3.1. Growth Performance

Table 3 shows the effect of dietary GTE on growth performance of chicks from d 1–21. The result showed that unmedicated challenged control treatment (ACON) had the poorest (p ≤ 0.05) FCR of all treatments. Also, body weight gain and FCR were poorer in CP-challenged chicks compared to unchallenged chicks. All challenged GTE treatments showed similar FCRs to their corresponding unchallenged treatments, showing a propensity to ameliorate the effects of SNE in challenged birds. There were no differences in feed intake and overall mortality during this period.
Table 4 shows the effect of dietary GTE on growth performance during the CP challenge and SNE induction phase. The result shows that CP challenge significantly (p ≤ 0.05) affected weight gain and FCR, but did not influence feed intake which is characteristic of SNE disease. GTE supplementation significantly (p ≤ 0.05) influenced weight gain and feed intake but had no influence on FCR during this period. There were no interaction effects between CP challenge and dietary GTE levels across the board.
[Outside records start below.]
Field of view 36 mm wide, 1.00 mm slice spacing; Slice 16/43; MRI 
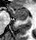

posterior hippocampus: 16, 19, 25, 20 | anterior hippocampus: 8, 7, 28, 18
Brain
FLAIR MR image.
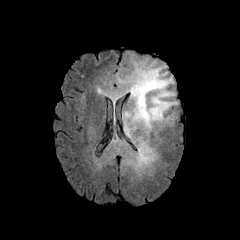
T1-weighted MRI.
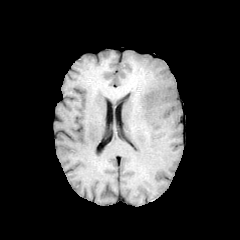
Post-contrast T1-weighted magnetic resonance.
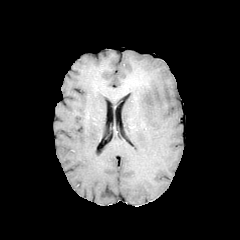
T2-weighted magnetic resonance.
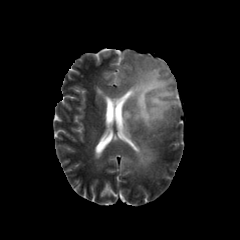
edema:
  - [109,62,178,135]
  - [136,142,153,164]
non-enhancing_tumor_core:
  - [127,111,143,122]
  - [129,72,149,110]
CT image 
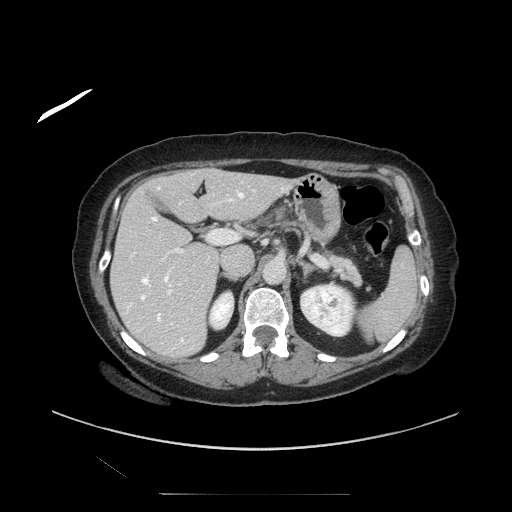 Pancreas = rect(322, 248, 360, 285); rect(264, 208, 287, 226).
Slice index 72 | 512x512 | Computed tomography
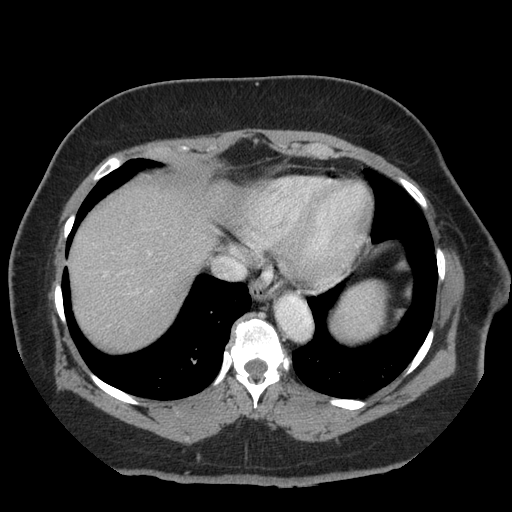
Some hepatic vessels may have no box.
<segmentation>
  <hepatic_vessel>(104,272,107,275), (222,259,240,273)</hepatic_vessel>
</segmentation>
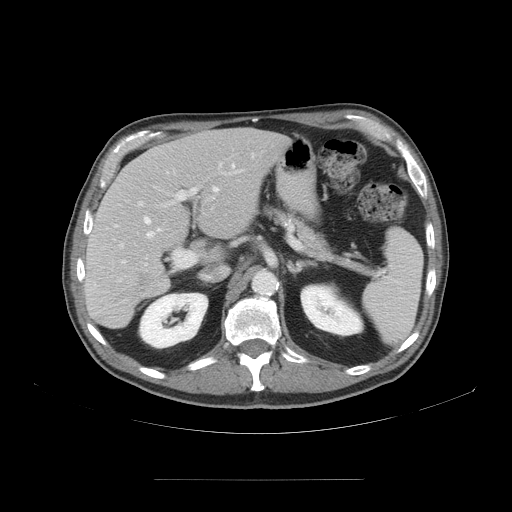 Computed tomography.

The vessel annotation is not exhaustive.
12 hepatic vessel regions are bounded by 219, 162, 221, 167; 212, 186, 219, 192; 228, 163, 239, 173; 144, 263, 146, 265; 173, 250, 196, 266; 146, 227, 161, 238; 123, 261, 124, 262; 120, 244, 122, 246; 114, 224, 118, 227; 143, 216, 151, 224; 138, 201, 142, 205; 162, 187, 197, 206.
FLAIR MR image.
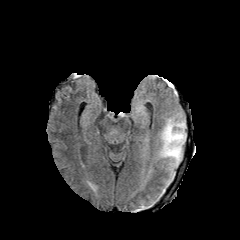
T1-weighted magnetic resonance.
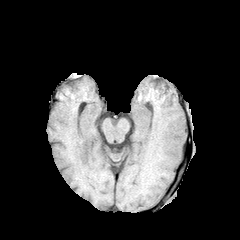
Post-contrast T1-weighted MR image.
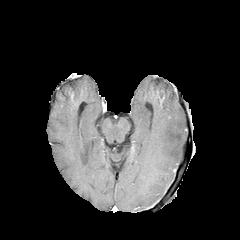
T2-weighted MR.
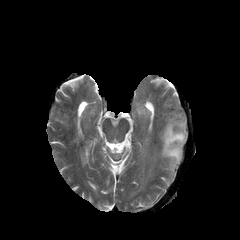
Brain; Image size 240x240
Edema = region(161, 123, 184, 173).
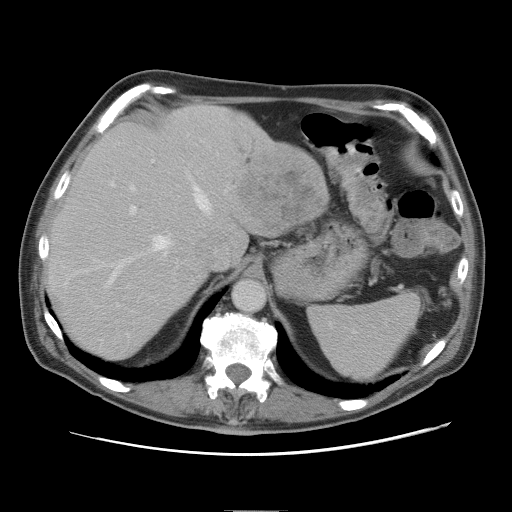

CT image

Some hepatic vessels may have no box.
The liver tumor is at bbox(239, 166, 318, 227). 8 hepatic vessel regions are located at bbox(195, 190, 210, 211); bbox(131, 186, 134, 190); bbox(152, 160, 153, 162); bbox(154, 236, 170, 250); bbox(109, 262, 124, 283); bbox(111, 182, 114, 185); bbox(117, 304, 119, 305); bbox(131, 207, 135, 213).
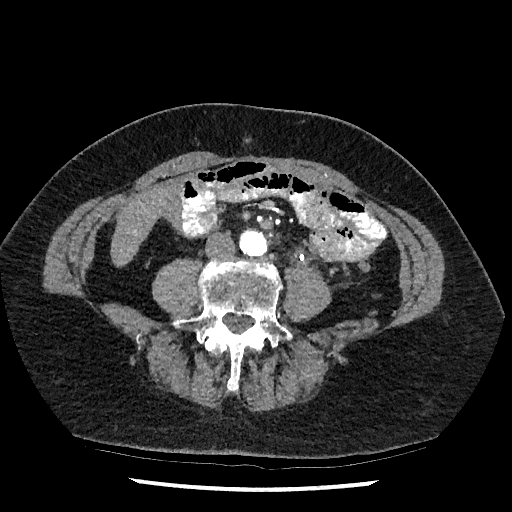 Image size 512x512. Upper abdomen. Computed tomography.

The liver is located at <bbox>111, 185, 170, 266</bbox>.
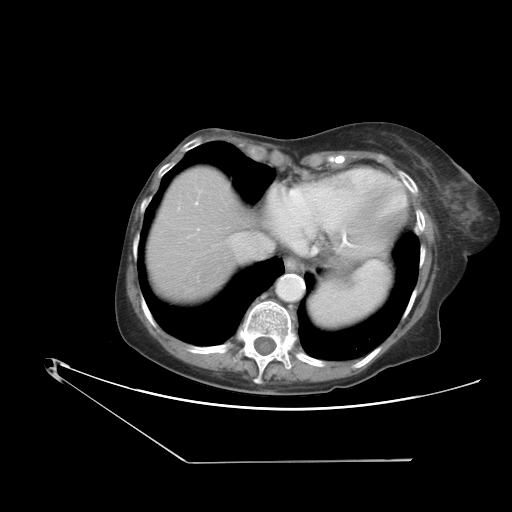

CT image
Not every hepatic vessel necessarily has a box.
Hepatic vessel: bounding box (195, 202, 197, 204).
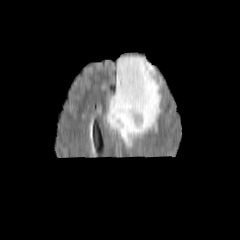
FLAIR MRI.
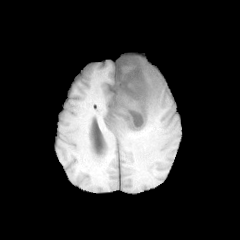
T1-weighted MRI.
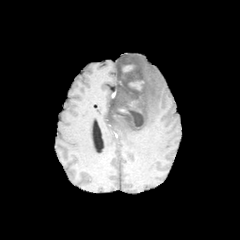
Post-contrast T1-weighted MRI.
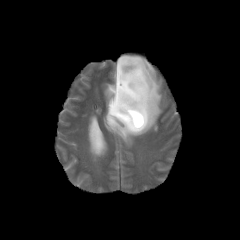
T2-weighted MR image of the same slice.
Brain
Enhancing tumor at bbox=[129, 82, 143, 90].
Non-enhancing tumor core at bbox=[116, 62, 146, 128].
Edema at bbox=[104, 55, 161, 143].
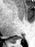 Hippocampus; Magnetic resonance

Posterior hippocampus: [x1=9, y1=35, x2=23, y2=42].
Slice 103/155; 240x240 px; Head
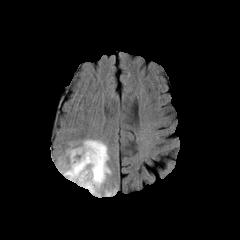
FLAIR magnetic resonance.
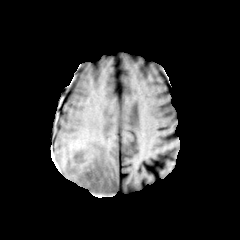
Same slice, T1-weighted magnetic resonance.
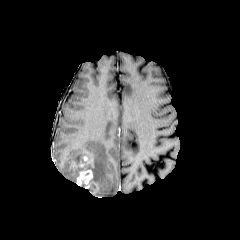
Same slice, post-contrast T1-weighted MRI.
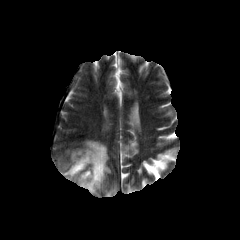
T2-weighted magnetic resonance of the same slice.
Enhancing tumor = bbox=[77, 169, 92, 187]; bbox=[73, 156, 89, 170].
Edema = bbox=[63, 140, 115, 195].
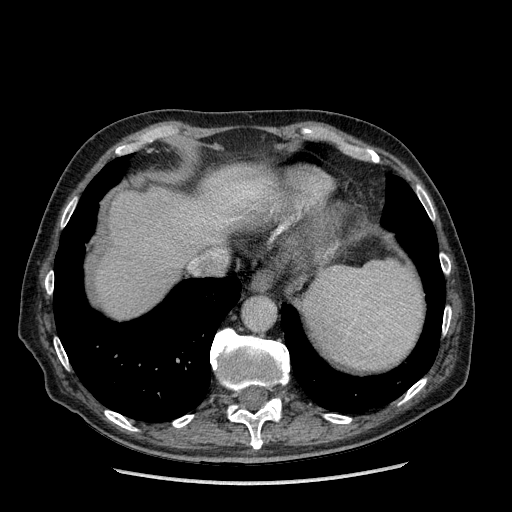

Abdomen. CT scan slice.

<segmentation>
  <liver><box>95,166,271,318</box></liver>
</segmentation>
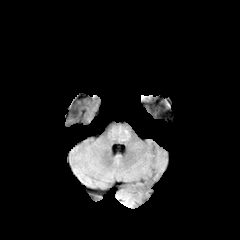
FLAIR MR.
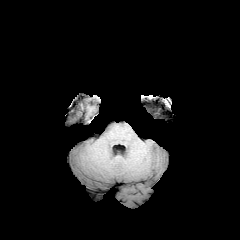
Same slice, T1-weighted MR image.
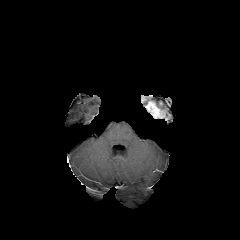
Same slice, post-contrast T1-weighted MR.
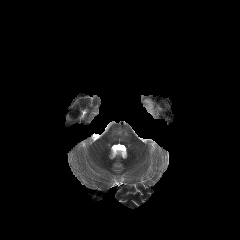
T2-weighted MR.
The enhancing tumor is at region(146, 106, 158, 117).
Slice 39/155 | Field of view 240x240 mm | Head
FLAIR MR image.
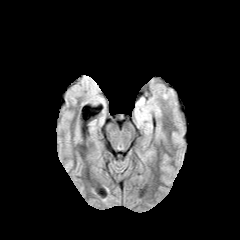
T1-weighted MR image.
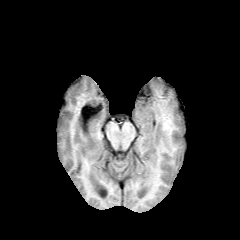
Post-contrast T1-weighted MR.
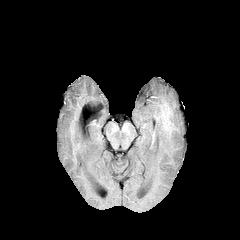
T2-weighted MR.
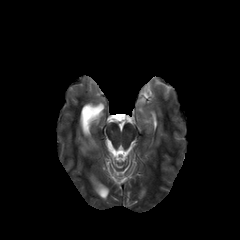
<segmentation>
  <edema>region(136, 97, 159, 125)</edema>
</segmentation>
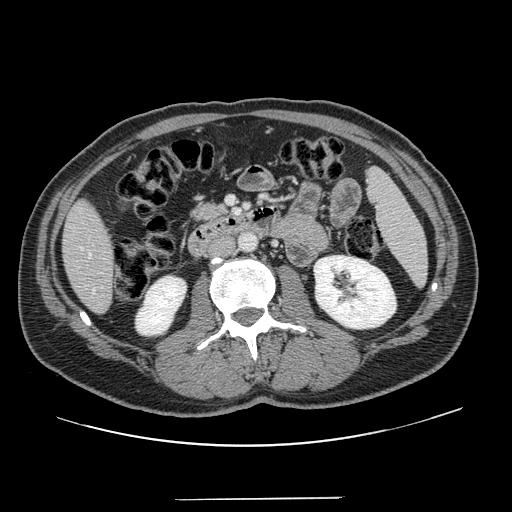

Upper abdomen; Computed tomography; 512x512 px

{
  "pancreas": [
    "(x1=187, y1=200, x2=229, y2=225)"
  ]
}
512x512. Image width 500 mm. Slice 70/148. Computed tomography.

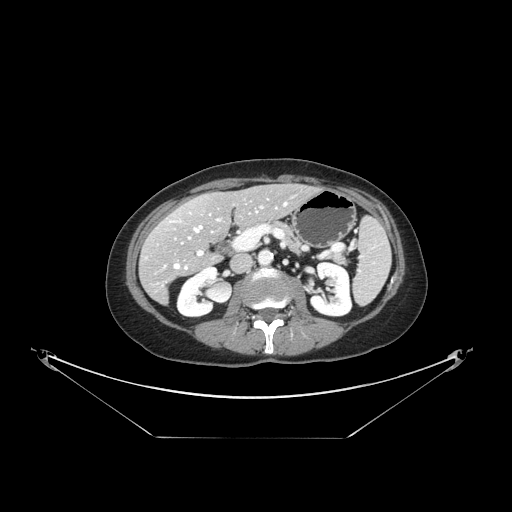
The vessel boxes may cover only some of the vessels.
hepatic vessel: l=198, t=251, r=202, b=255; l=194, t=226, r=201, b=231
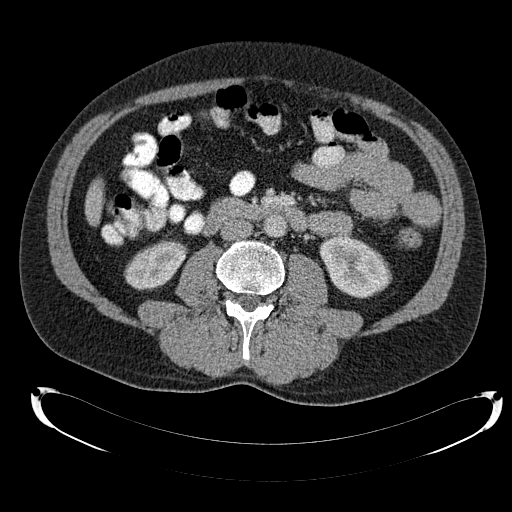

Image size 512x512, CT scan slice

<segmentation>
  <liver>region(86, 184, 102, 223)</liver>
  <kidney>region(320, 234, 389, 297); region(126, 242, 184, 288)</kidney>
</segmentation>

3.2. Intestinal Health Status

3.2.1. CP Enumeration Data

Prior to challenge, intestinal CP colonization was significantly higher (p ≤ 0.05) in chicks fed the GTZ diet than in chicks fed the other (CON, GTX, and GTY) dietary treatments (Table 5).
Table 6 shows the results of intestinal CP on d 21 and that chicks fed GTZ diets had the highest (p ≤ 0.05) intestinal CP among unchallenged chicks at d 16. Unchallenged chicks fed CON and GTX diets had the lowest (p ≤ 0.05) intestinal CP compared to other treatments. Intestinal CP was generally higher (p ≤ 0.05) in CP challenge chicks than unchallenged chicks, showing a successful CP challenge. Chicks fed CON and GTX had similar intestinal CP after challenge which was significantly higher (p ≤ 0.05) than their corresponding unchallenged treatments, whereas chicks fed GTY and GTZ diets had similar intestinal CP in challenged chicks and also similar CP (p > 0.05) to their corresponding unchallenged chicks, which shows a prevention in establishing infection in these treatments (Table 6). Furthermore, challenged chicks fed GTX diets tended to have the lowest intestinal CP of all challenged treatments.

3.2.2. Lesion Scores

No lesions were observed across all treatments.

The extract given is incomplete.